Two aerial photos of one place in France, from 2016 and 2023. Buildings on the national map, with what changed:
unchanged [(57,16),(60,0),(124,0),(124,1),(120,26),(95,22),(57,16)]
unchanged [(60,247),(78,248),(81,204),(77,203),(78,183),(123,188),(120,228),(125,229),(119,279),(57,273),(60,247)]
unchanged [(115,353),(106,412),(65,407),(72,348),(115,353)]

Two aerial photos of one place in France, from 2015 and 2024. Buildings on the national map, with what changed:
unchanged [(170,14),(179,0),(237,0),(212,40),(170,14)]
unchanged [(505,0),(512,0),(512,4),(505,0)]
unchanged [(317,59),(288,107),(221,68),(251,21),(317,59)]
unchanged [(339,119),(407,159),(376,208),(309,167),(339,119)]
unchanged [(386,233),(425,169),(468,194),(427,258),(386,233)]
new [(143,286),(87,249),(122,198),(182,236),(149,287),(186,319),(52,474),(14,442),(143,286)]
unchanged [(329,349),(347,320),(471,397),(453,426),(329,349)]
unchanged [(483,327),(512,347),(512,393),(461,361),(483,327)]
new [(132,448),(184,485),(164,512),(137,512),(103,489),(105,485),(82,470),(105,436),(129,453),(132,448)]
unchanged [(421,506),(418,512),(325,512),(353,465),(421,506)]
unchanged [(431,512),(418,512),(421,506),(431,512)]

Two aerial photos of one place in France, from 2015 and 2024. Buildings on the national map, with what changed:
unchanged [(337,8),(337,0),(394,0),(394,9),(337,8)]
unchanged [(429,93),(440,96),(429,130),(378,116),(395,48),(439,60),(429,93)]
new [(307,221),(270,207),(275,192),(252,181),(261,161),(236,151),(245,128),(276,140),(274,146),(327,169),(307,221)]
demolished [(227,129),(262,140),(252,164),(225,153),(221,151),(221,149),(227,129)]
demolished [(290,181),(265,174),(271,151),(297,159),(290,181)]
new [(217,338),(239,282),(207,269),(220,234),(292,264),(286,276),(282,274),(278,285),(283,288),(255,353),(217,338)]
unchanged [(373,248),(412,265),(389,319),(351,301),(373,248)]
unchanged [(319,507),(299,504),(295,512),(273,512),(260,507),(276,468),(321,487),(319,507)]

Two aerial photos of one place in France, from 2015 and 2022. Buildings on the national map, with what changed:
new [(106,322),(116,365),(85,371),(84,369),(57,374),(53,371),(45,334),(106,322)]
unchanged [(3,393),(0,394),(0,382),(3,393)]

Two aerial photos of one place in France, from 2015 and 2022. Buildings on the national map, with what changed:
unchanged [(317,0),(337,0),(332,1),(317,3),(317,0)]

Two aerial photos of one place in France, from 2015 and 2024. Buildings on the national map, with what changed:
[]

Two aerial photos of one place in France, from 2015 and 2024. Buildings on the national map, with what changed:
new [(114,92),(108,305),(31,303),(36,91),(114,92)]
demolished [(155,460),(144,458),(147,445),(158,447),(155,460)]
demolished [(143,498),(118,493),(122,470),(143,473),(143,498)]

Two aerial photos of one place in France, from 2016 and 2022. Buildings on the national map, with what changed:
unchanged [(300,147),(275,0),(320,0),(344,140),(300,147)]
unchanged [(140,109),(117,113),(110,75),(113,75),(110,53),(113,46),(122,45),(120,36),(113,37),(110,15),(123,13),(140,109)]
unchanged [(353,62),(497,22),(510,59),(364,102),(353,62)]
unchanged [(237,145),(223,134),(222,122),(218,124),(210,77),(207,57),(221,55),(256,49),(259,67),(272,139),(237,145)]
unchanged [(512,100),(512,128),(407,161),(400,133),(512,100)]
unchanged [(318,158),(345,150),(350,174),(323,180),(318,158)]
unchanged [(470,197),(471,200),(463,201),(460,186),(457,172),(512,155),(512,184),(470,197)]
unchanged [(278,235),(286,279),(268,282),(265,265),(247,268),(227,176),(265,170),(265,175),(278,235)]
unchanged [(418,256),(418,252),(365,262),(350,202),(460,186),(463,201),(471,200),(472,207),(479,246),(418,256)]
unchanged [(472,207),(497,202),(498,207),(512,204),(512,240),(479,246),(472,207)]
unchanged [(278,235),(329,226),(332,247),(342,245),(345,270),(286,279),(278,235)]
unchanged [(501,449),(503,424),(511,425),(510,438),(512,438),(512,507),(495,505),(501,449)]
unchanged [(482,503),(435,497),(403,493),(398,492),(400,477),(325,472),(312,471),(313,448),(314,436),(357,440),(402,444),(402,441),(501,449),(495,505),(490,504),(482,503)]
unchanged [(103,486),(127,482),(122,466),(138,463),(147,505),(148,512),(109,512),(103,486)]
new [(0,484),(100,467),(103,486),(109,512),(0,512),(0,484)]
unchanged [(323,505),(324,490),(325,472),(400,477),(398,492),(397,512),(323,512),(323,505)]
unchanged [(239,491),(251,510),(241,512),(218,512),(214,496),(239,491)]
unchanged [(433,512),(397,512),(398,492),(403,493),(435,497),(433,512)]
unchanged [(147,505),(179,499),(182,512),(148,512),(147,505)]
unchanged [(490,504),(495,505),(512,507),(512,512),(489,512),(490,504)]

TASK REQUIREMENTS:
Repeat the lines above with every word intact.

EXPECTED OUTPUT:
Two aerial photos of one place in France, from 2016 and 2023. Buildings on the national map, with what changed:
unchanged [(57,16),(60,0),(124,0),(124,1),(120,26),(95,22),(57,16)]
unchanged [(60,247),(78,248),(81,204),(77,203),(78,183),(123,188),(120,228),(125,229),(119,279),(57,273),(60,247)]
unchanged [(115,353),(106,412),(65,407),(72,348),(115,353)]

Two aerial photos of one place in France, from 2015 and 2024. Buildings on the national map, with what changed:
unchanged [(170,14),(179,0),(237,0),(212,40),(170,14)]
unchanged [(505,0),(512,0),(512,4),(505,0)]
unchanged [(317,59),(288,107),(221,68),(251,21),(317,59)]
unchanged [(339,119),(407,159),(376,208),(309,167),(339,119)]
unchanged [(386,233),(425,169),(468,194),(427,258),(386,233)]
new [(143,286),(87,249),(122,198),(182,236),(149,287),(186,319),(52,474),(14,442),(143,286)]
unchanged [(329,349),(347,320),(471,397),(453,426),(329,349)]
unchanged [(483,327),(512,347),(512,393),(461,361),(483,327)]
new [(132,448),(184,485),(164,512),(137,512),(103,489),(105,485),(82,470),(105,436),(129,453),(132,448)]
unchanged [(421,506),(418,512),(325,512),(353,465),(421,506)]
unchanged [(431,512),(418,512),(421,506),(431,512)]

Two aerial photos of one place in France, from 2015 and 2024. Buildings on the national map, with what changed:
unchanged [(337,8),(337,0),(394,0),(394,9),(337,8)]
unchanged [(429,93),(440,96),(429,130),(378,116),(395,48),(439,60),(429,93)]
new [(307,221),(270,207),(275,192),(252,181),(261,161),(236,151),(245,128),(276,140),(274,146),(327,169),(307,221)]
demolished [(227,129),(262,140),(252,164),(225,153),(221,151),(221,149),(227,129)]
demolished [(290,181),(265,174),(271,151),(297,159),(290,181)]
new [(217,338),(239,282),(207,269),(220,234),(292,264),(286,276),(282,274),(278,285),(283,288),(255,353),(217,338)]
unchanged [(373,248),(412,265),(389,319),(351,301),(373,248)]
unchanged [(319,507),(299,504),(295,512),(273,512),(260,507),(276,468),(321,487),(319,507)]

Two aerial photos of one place in France, from 2015 and 2022. Buildings on the national map, with what changed:
new [(106,322),(116,365),(85,371),(84,369),(57,374),(53,371),(45,334),(106,322)]
unchanged [(3,393),(0,394),(0,382),(3,393)]

Two aerial photos of one place in France, from 2015 and 2022. Buildings on the national map, with what changed:
unchanged [(317,0),(337,0),(332,1),(317,3),(317,0)]

Two aerial photos of one place in France, from 2015 and 2024. Buildings on the national map, with what changed:
[]

Two aerial photos of one place in France, from 2015 and 2024. Buildings on the national map, with what changed:
new [(114,92),(108,305),(31,303),(36,91),(114,92)]
demolished [(155,460),(144,458),(147,445),(158,447),(155,460)]
demolished [(143,498),(118,493),(122,470),(143,473),(143,498)]

Two aerial photos of one place in France, from 2016 and 2022. Buildings on the national map, with what changed:
unchanged [(300,147),(275,0),(320,0),(344,140),(300,147)]
unchanged [(140,109),(117,113),(110,75),(113,75),(110,53),(113,46),(122,45),(120,36),(113,37),(110,15),(123,13),(140,109)]
unchanged [(353,62),(497,22),(510,59),(364,102),(353,62)]
unchanged [(237,145),(223,134),(222,122),(218,124),(210,77),(207,57),(221,55),(256,49),(259,67),(272,139),(237,145)]
unchanged [(512,100),(512,128),(407,161),(400,133),(512,100)]
unchanged [(318,158),(345,150),(350,174),(323,180),(318,158)]
unchanged [(470,197),(471,200),(463,201),(460,186),(457,172),(512,155),(512,184),(470,197)]
unchanged [(278,235),(286,279),(268,282),(265,265),(247,268),(227,176),(265,170),(265,175),(278,235)]
unchanged [(418,256),(418,252),(365,262),(350,202),(460,186),(463,201),(471,200),(472,207),(479,246),(418,256)]
unchanged [(472,207),(497,202),(498,207),(512,204),(512,240),(479,246),(472,207)]
unchanged [(278,235),(329,226),(332,247),(342,245),(345,270),(286,279),(278,235)]
unchanged [(501,449),(503,424),(511,425),(510,438),(512,438),(512,507),(495,505),(501,449)]
unchanged [(482,503),(435,497),(403,493),(398,492),(400,477),(325,472),(312,471),(313,448),(314,436),(357,440),(402,444),(402,441),(501,449),(495,505),(490,504),(482,503)]
unchanged [(103,486),(127,482),(122,466),(138,463),(147,505),(148,512),(109,512),(103,486)]
new [(0,484),(100,467),(103,486),(109,512),(0,512),(0,484)]
unchanged [(323,505),(324,490),(325,472),(400,477),(398,492),(397,512),(323,512),(323,505)]
unchanged [(239,491),(251,510),(241,512),(218,512),(214,496),(239,491)]
unchanged [(433,512),(397,512),(398,492),(403,493),(435,497),(433,512)]
unchanged [(147,505),(179,499),(182,512),(148,512),(147,505)]
unchanged [(490,504),(495,505),(512,507),(512,512),(489,512),(490,504)]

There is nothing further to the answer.